Secondo quanto emerso finora, la tragedia si sarebbe consumata tra salita per piazza Italia e via Manzoni, dove la donna sarebbe stata prima investita e poi colpita con un’arma da taglio. Una dinamica particolarmente violenta, su cui gli investigatori stanno cercando di fare piena luce, ricostruendo con precisione la sequenza dei fatti e le responsabilità.
Quando i carabinieri sono arrivati sul posto, hanno trovato Gambetta in silenzio. Un atteggiamento che è proseguito anche nelle ore successive: assistito dal proprio legale, l’uomo si è avvalso della facoltà di non rispondere e, al momento, non risultano confessioni. Un elemento che rende ancora più delicato il lavoro degli inquirenti, chiamati a ricostruire ogni dettaglio attraverso rilievi, testimonianze e accertamenti tecnici.
L’ipotesi di femminicidio rappresenta uno dei passaggi più rilevanti dell’indagine. Non si tratta soltanto di una qualificazione giuridica, ma di un inquadramento che tiene conto del contesto relazionale tra vittima e indagato, oltre che delle modalità dell’azione. Saranno gli sviluppi investigativi e gli atti formali, a partire dall’interrogatorio di garanzia, a chiarire se questa ipotesi verrà contestata ufficialmente.

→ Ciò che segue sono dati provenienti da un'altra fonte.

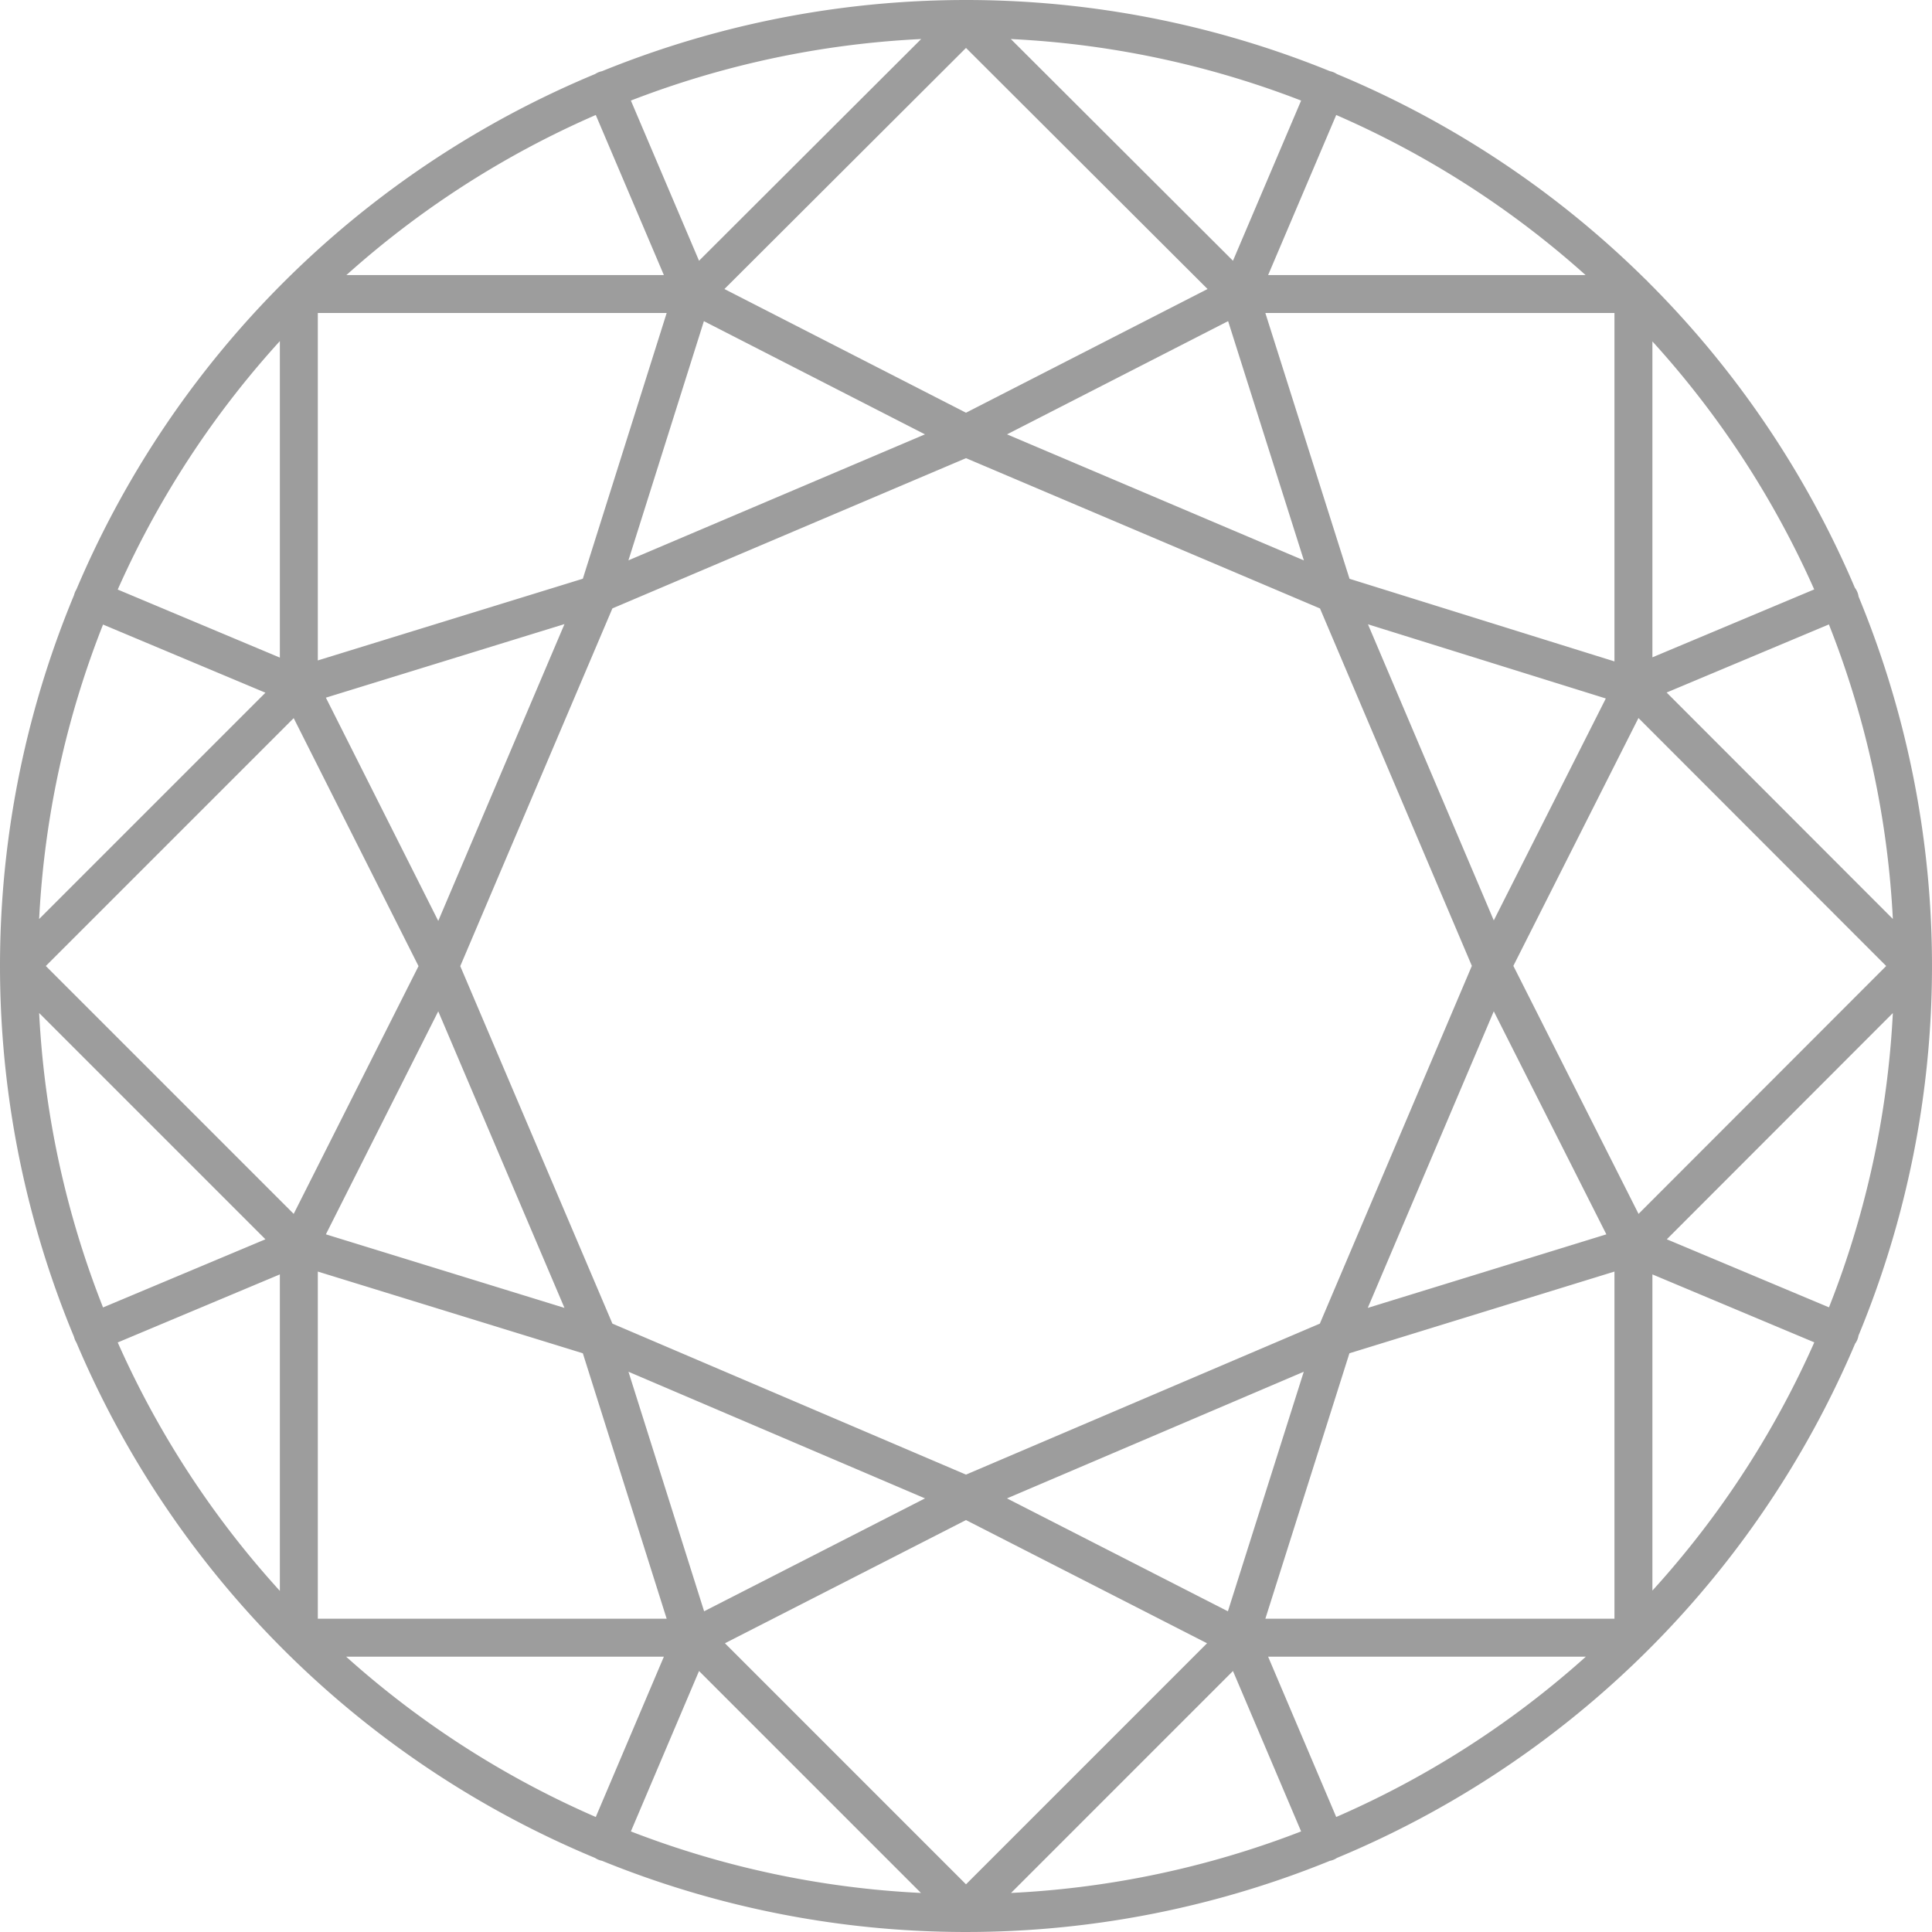 <svg xmlns="http://www.w3.org/2000/svg" viewBox="0 0 72.28 72.28"><defs><style>.cls-1{fill:none;stroke:#9d9d9d;stroke-linecap:round;stroke-linejoin:round;stroke-width:1.42px;}</style></defs><title>Cut_Round</title><g id="Слой_2" data-name="Слой 2"><g id="Слой_1-2" data-name="Слой 1"><path class="cls-1" d="M36.14.71A35.43,35.43,0,1,1,.71,36.14,35.43,35.43,0,0,1,36.14.71ZM.71,36.14,11.18,25.67V11H25.91L36.18.75M.71,36.14,11.18,46.61V61.27H25.91L36.18,71.54M71.57,36.14,61.11,25.67V11H46.37L36.1.75M71.57,36.14,61.11,46.61V61.27H46.37L36.1,71.54M22.66,3.36,25.91,11,22.37,22.22,16.45,36.14,11.18,25.67,3.46,22.43m19.2,46.49,3.25-7.65L22.37,50.06,16.45,36.15,11.18,46.61,3.46,49.85M49.62,3.36,46.37,11l3.55,11.21,5.91,13.91,5.28-10.46,7.72-3.24M49.62,68.92l-3.25-7.65,3.55-11.21,5.91-13.91,5.28,10.46,7.72,3.24M11.18,25.67l11.19-3.45,13.91-5.91L25.91,11M11.18,46.61l11.19,3.45L36.28,56l-10.37,5.3m35.2-35.59L49.92,22.22,36,16.31,46.37,11M61.11,46.61,49.92,50.06,36,56l10.37,5.3"/></g></g></svg>

Intanto, il paese si stringe attorno al ricordo di Loredana Ferrara. La donna era conosciuta nella comunità e aveva partecipato, solo pochi mesi fa, alla Staffetta per la Pace insieme al Club Monferrato degli Infernot. Proprio l’associazione ha organizzato per venerdì 24 aprile una fiaccolata, con ritrovo alle 20.30 in piazza del Popolo. Un momento collettivo per ricordarla e per esprimere vicinanza alla famiglia.
Nelle stesse ore, la parrocchia ha scelto un momento più raccolto, con un rosario in suffragio, rinviando eventuali altre iniziative commemorative. Due modalità diverse, ma unite dallo stesso bisogno: trasformare il dolore in memoria condivisa.
Resta il quadro di una vicenda che ha scosso profondamente la comunità locale. Da una parte il lavoro degli inquirenti, ancora in corso, dall’altra il lutto e lo sgomento di un territorio che si interroga su quanto accaduto. In attesa che la giustizia faccia il suo corso, il nome di Loredana Ferrara si aggiunge a una lunga lista di donne uccise in contesti di relazioni personali, riportando ancora una volta al centro il tema della violenza di genere.